[Provided information]:
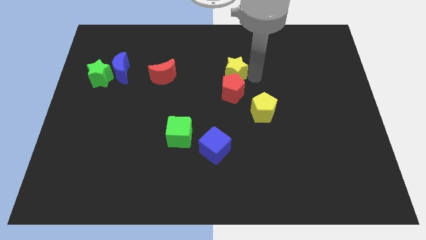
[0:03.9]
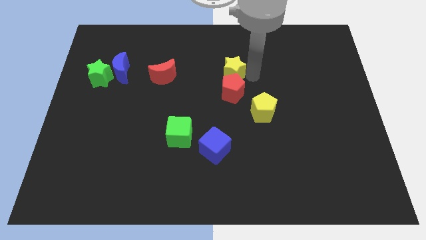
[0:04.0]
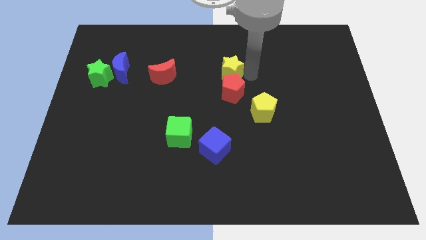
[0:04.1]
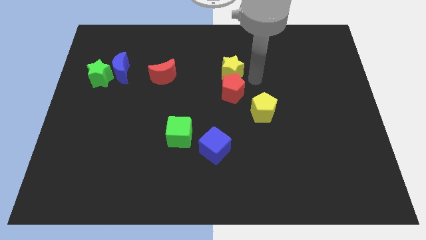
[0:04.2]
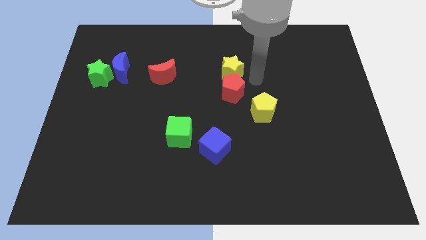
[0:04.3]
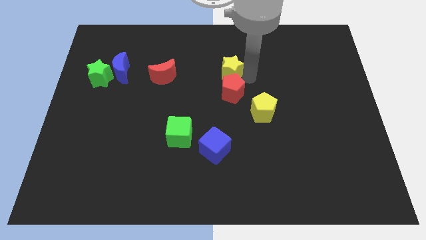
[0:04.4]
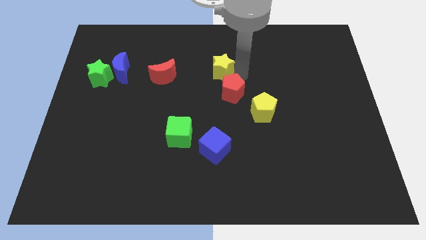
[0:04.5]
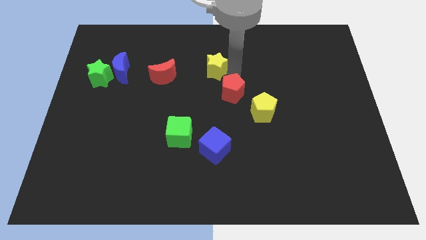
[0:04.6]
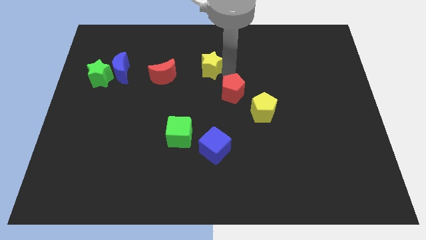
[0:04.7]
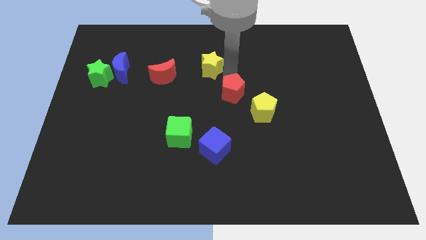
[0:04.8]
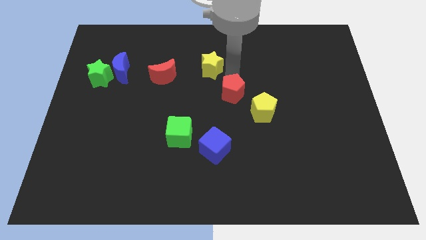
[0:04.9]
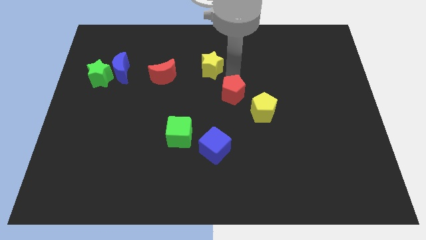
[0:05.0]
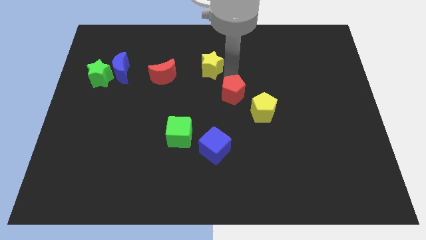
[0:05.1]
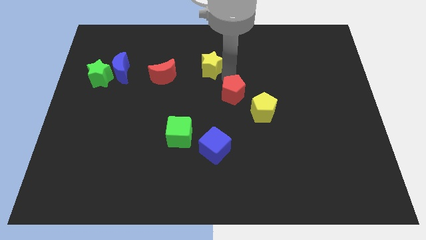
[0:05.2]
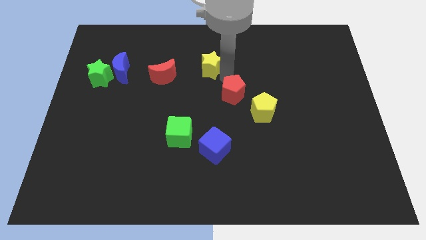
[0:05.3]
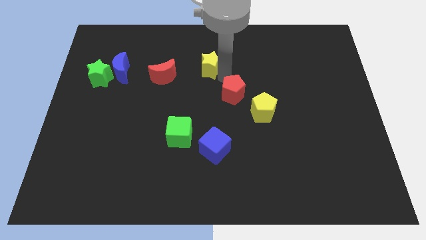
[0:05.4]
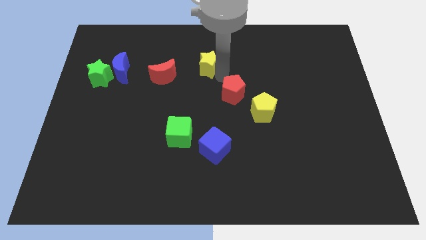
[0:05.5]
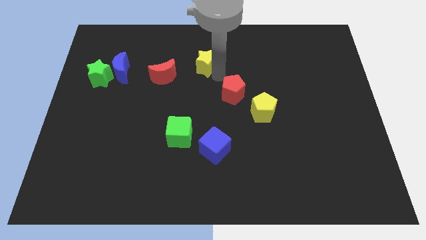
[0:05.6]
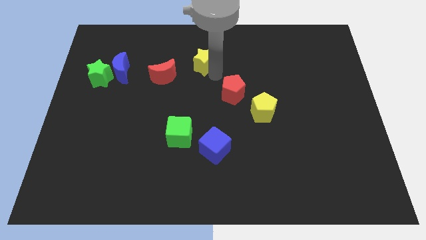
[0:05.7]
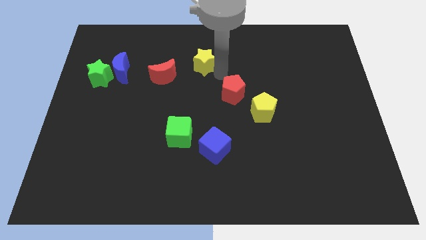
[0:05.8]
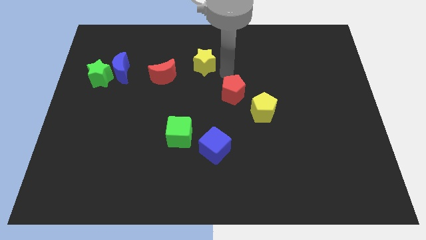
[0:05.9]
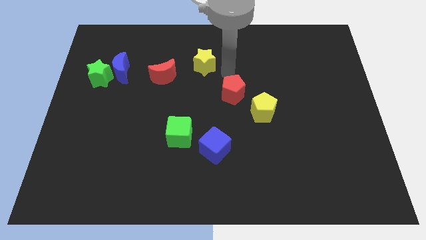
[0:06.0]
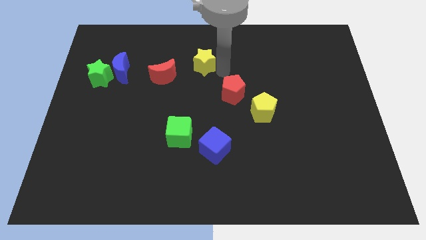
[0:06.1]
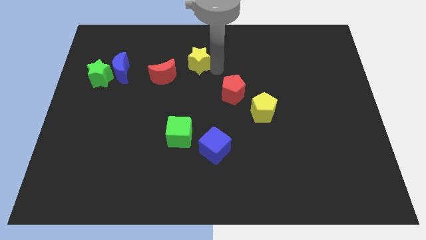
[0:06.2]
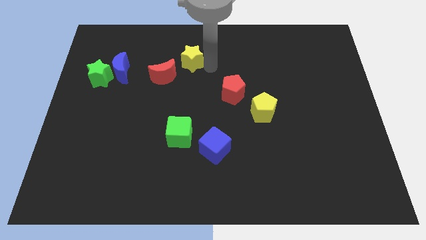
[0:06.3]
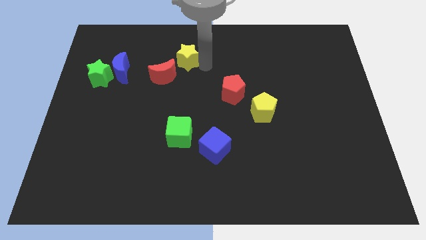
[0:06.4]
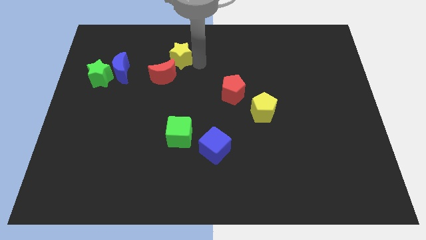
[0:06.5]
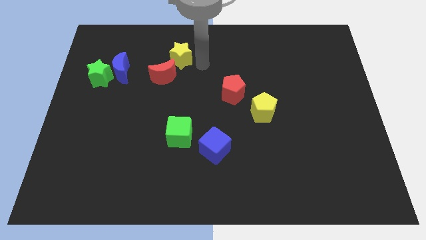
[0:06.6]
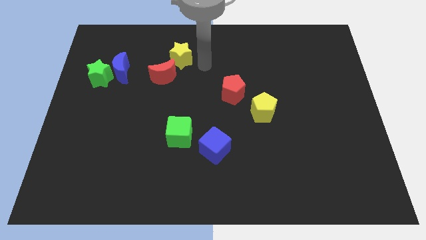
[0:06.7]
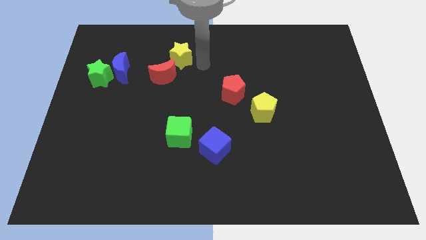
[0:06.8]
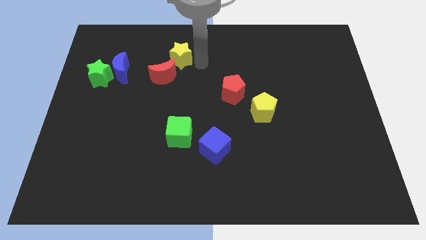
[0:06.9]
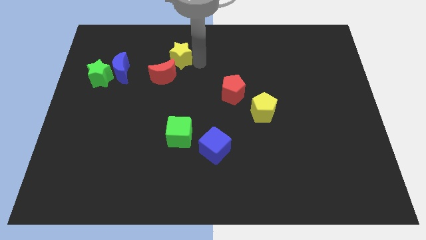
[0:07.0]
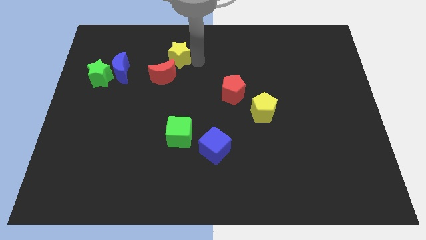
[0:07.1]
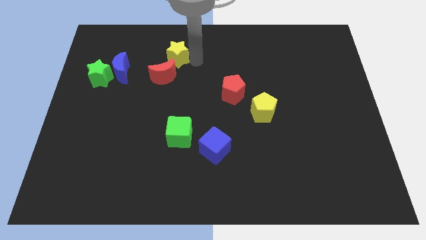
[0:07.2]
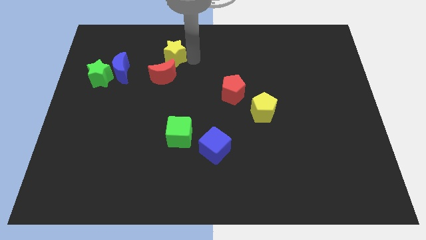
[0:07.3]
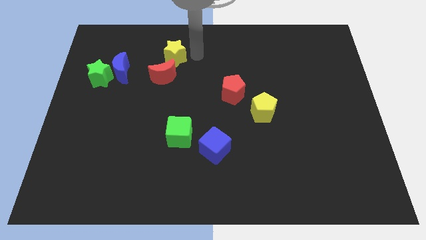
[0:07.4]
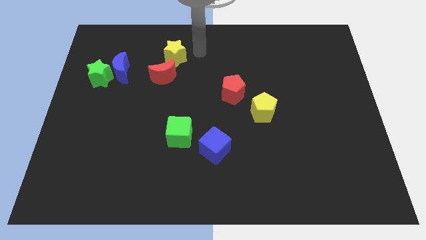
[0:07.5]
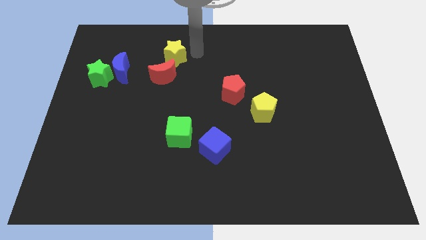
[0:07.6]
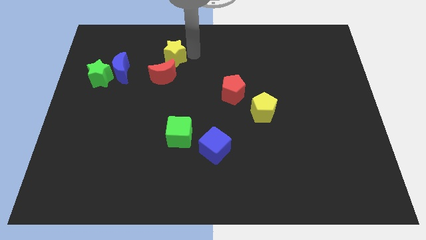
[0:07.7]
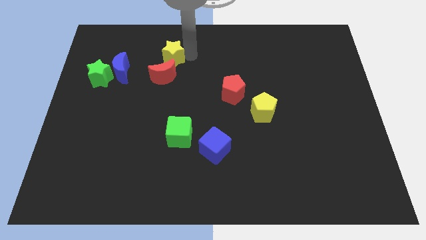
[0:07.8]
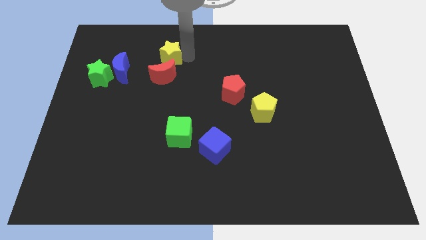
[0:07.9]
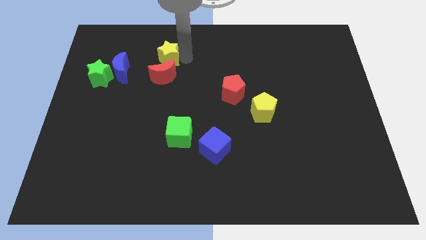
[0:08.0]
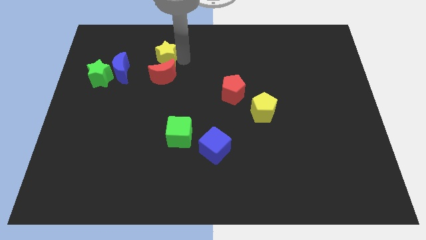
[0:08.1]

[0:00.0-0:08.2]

[Work task]:
Print the entries above exactly, leaving pictures out.

[Solved problem]:
[0:03.9]
[0:04.0]
[0:04.1]
[0:04.2]
[0:04.3]
[0:04.4]
[0:04.5]
[0:04.6]
[0:04.7]
[0:04.8]
[0:04.9]
[0:05.0]
[0:05.1]
[0:05.2]
[0:05.3]
[0:05.4]
[0:05.5]
[0:05.6]
[0:05.7]
[0:05.8]
[0:05.9]
[0:06.0]
[0:06.1]
[0:06.2]
[0:06.3]
[0:06.4]
[0:06.5]
[0:06.6]
[0:06.7]
[0:06.8]
[0:06.9]
[0:07.0]
[0:07.1]
[0:07.2]
[0:07.3]
[0:07.4]
[0:07.5]
[0:07.6]
[0:07.7]
[0:07.8]
[0:07.9]
[0:08.0]
[0:08.1]

[0:00.0-0:08.2]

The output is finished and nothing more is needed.